[[ DATA EXCERPTS, beginning ]]
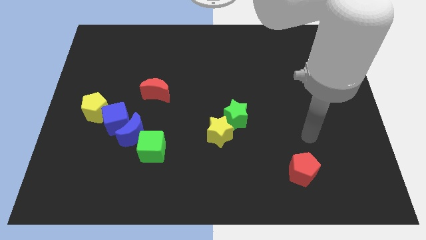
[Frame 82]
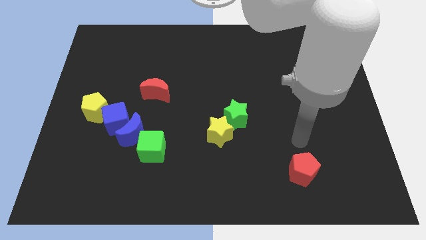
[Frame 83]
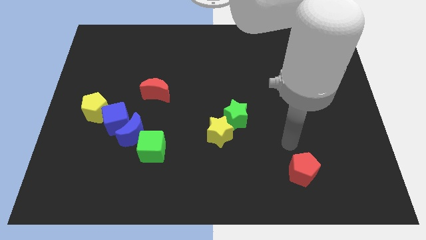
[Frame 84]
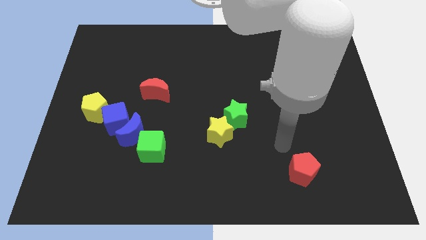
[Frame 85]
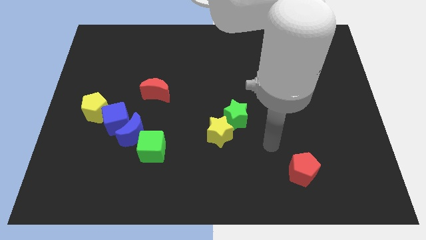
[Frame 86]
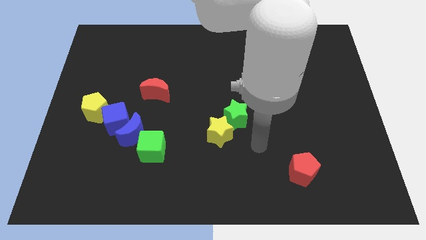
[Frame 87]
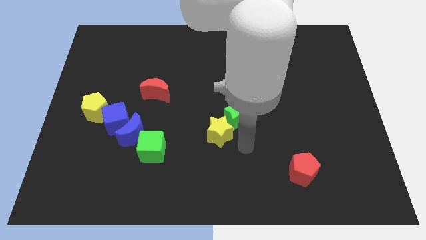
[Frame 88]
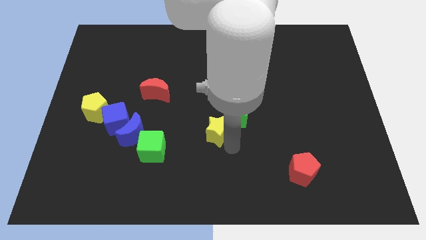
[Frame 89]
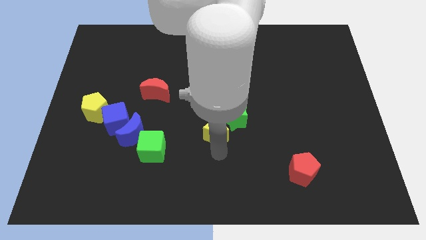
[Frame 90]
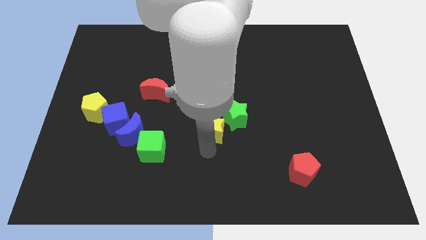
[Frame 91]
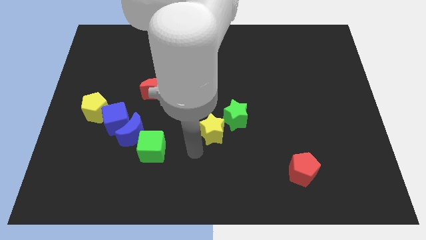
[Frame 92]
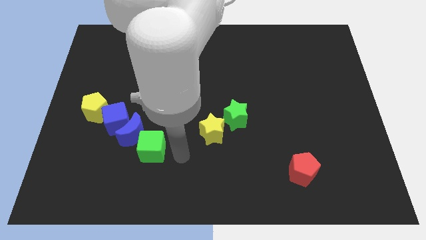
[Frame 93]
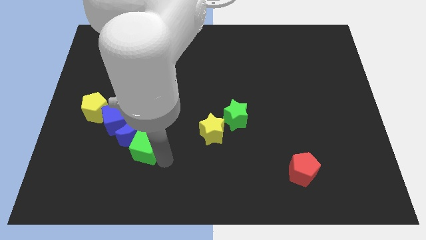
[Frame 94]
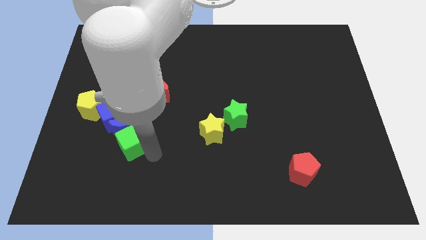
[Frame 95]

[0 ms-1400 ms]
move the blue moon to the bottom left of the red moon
[[ DATA EXCERPTS, end ]]
Restate the whole listing above exactly, except for its images.

[Frame 82]
[Frame 83]
[Frame 84]
[Frame 85]
[Frame 86]
[Frame 87]
[Frame 88]
[Frame 89]
[Frame 90]
[Frame 91]
[Frame 92]
[Frame 93]
[Frame 94]
[Frame 95]

[0 ms-1400 ms]
move the blue moon to the bottom left of the red moon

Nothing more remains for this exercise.